YABU - it's a work thing so she's just inviting her work colleagues, nothing wrong with that. If it was family that would be different.

I wouldn't expect my dh to go without me though, he'd respectfully decline.

KoalaDownUnder · 22/07/2014 10:43

He has invited his co workers, lads aged 20-30. Some of them will have partners, who aren't invited.

I think this is a bit different to couples who have been married 20 years, though!

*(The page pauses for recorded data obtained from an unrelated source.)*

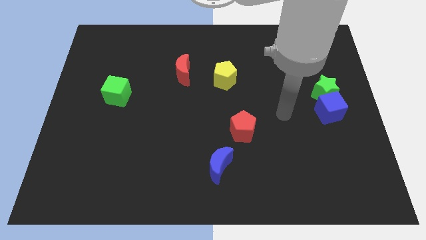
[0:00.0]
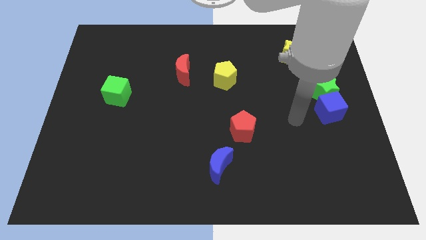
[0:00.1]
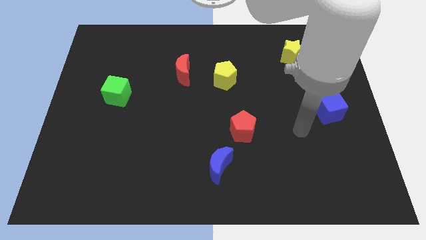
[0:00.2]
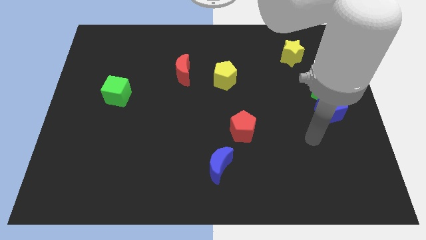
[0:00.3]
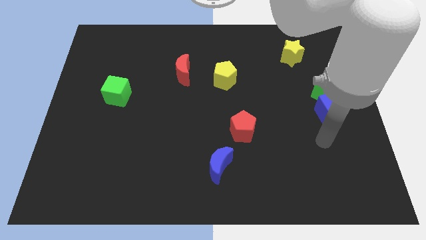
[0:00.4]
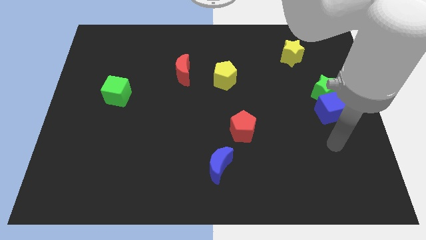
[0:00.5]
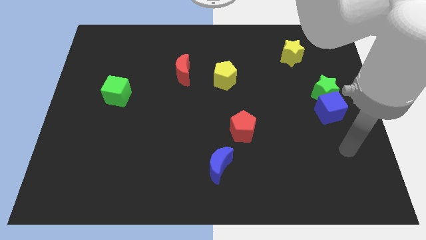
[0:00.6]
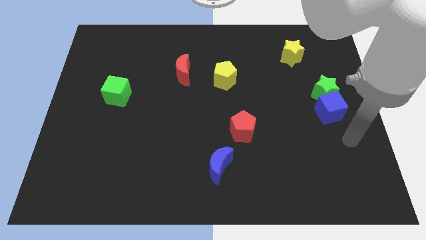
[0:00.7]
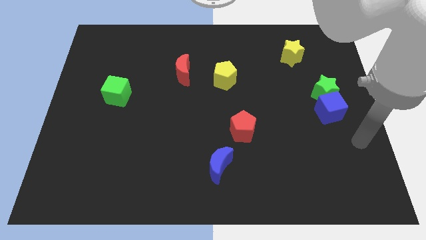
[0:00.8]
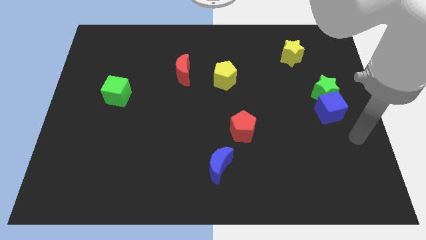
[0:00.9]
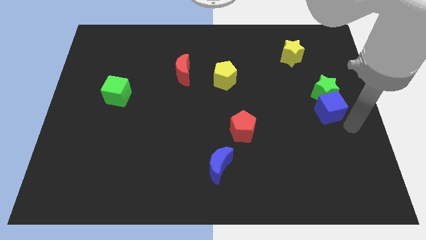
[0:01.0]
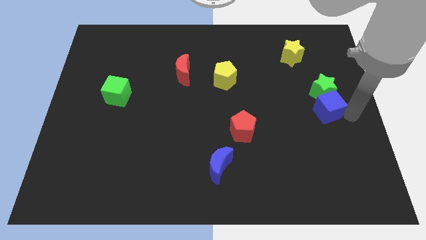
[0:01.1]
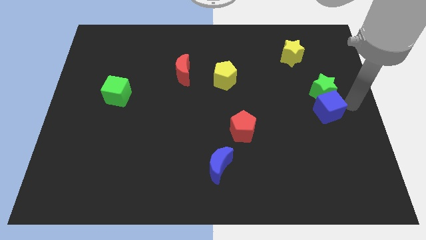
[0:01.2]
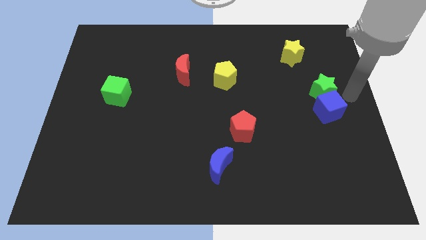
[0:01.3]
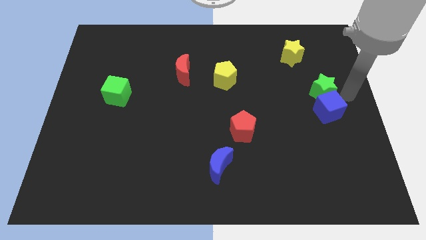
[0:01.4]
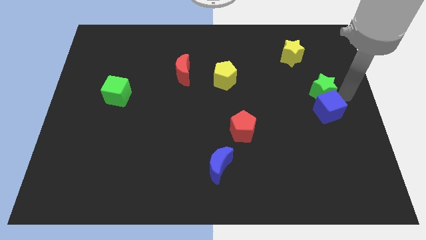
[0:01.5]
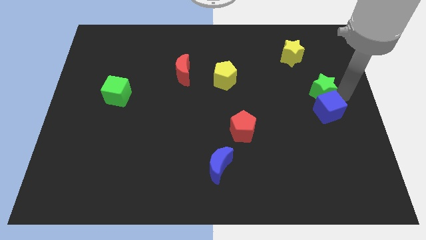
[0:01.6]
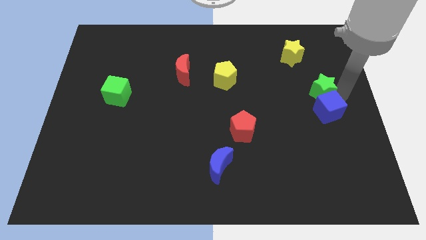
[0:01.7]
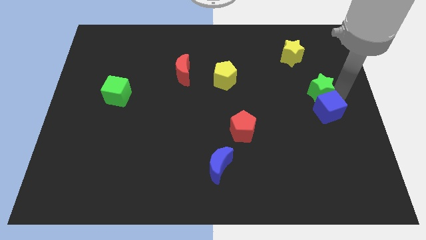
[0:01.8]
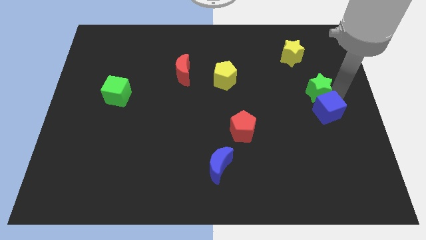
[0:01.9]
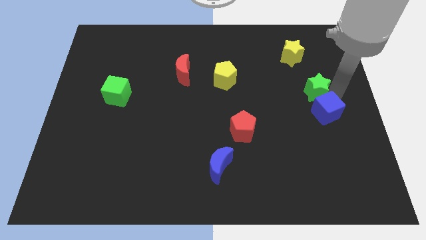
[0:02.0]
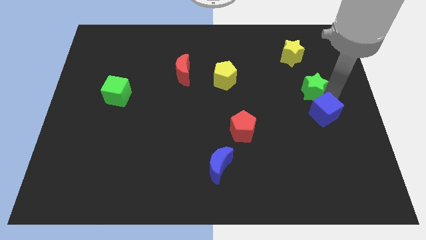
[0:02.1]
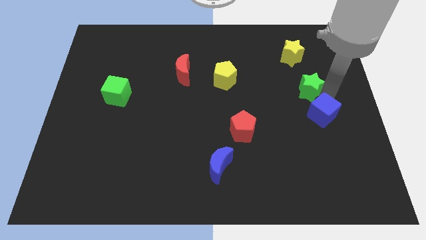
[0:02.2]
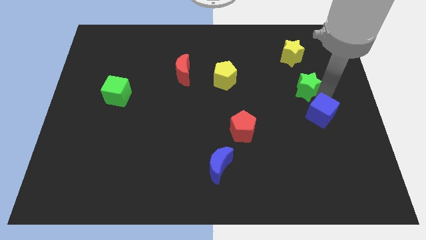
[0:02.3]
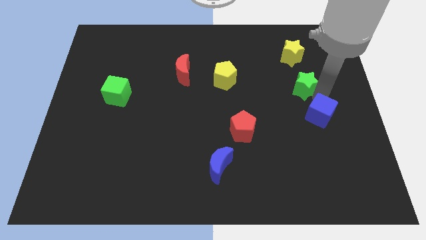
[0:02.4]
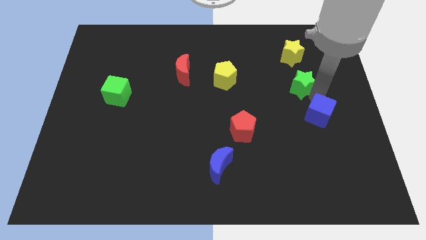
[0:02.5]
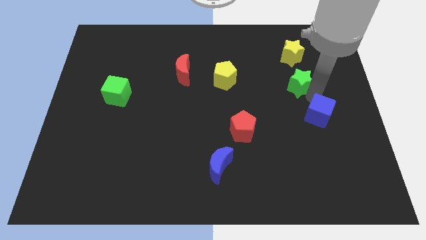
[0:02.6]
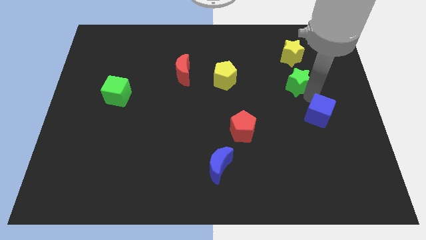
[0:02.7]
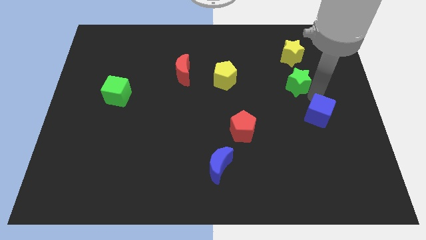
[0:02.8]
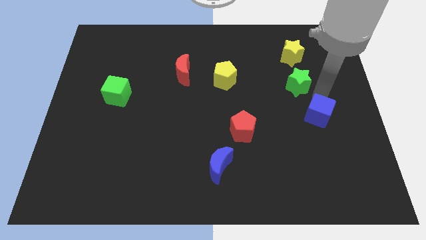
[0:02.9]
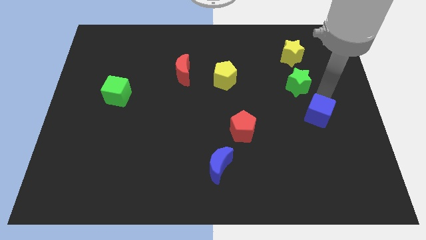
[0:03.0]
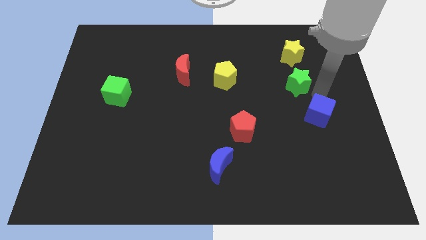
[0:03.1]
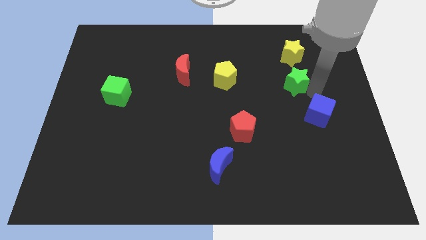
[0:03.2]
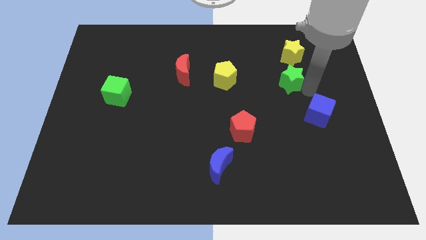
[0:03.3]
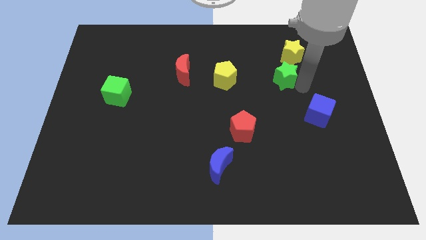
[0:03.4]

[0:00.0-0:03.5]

Pretty sure that etiquette says married couples are a 'social unit', at least when it comes to formal occasions like a wedding. I agree that couples need not be joined at the hip (am single & v independent myself), but this is just rude.

YANBU.

LightastheBreeze · 22/07/2014 10:45

I don't understand why the DH is bothering to go as obviously from the undertones of OP and username, OP is not happy.

Very strange...

serendippity · 22/07/2014 11:06

Odd that there was no +1 issued and personally would be a bit miffed, as I think it's the norm and the polite thing to do to invite partners regardless if the bride knew them! so I don't think YABU.
On the subject of attending events without partners tho, I'm a bit of a wimp and prefer to go to these things with DH.
If it was Dh who was invited without me, and in fact this has happened with a couple who did not have the money to be inviting every ones plus ones, I would be more than happy for him to go.
If I were invited without DH he would be bloody delighted. Especially if he didn't know the couple involved and would be totally fine with me attending without him.

PiperRose · 22/07/2014 11:10

Koala so a couple who have been married a year is more important than a couple who have been together for10 but never married?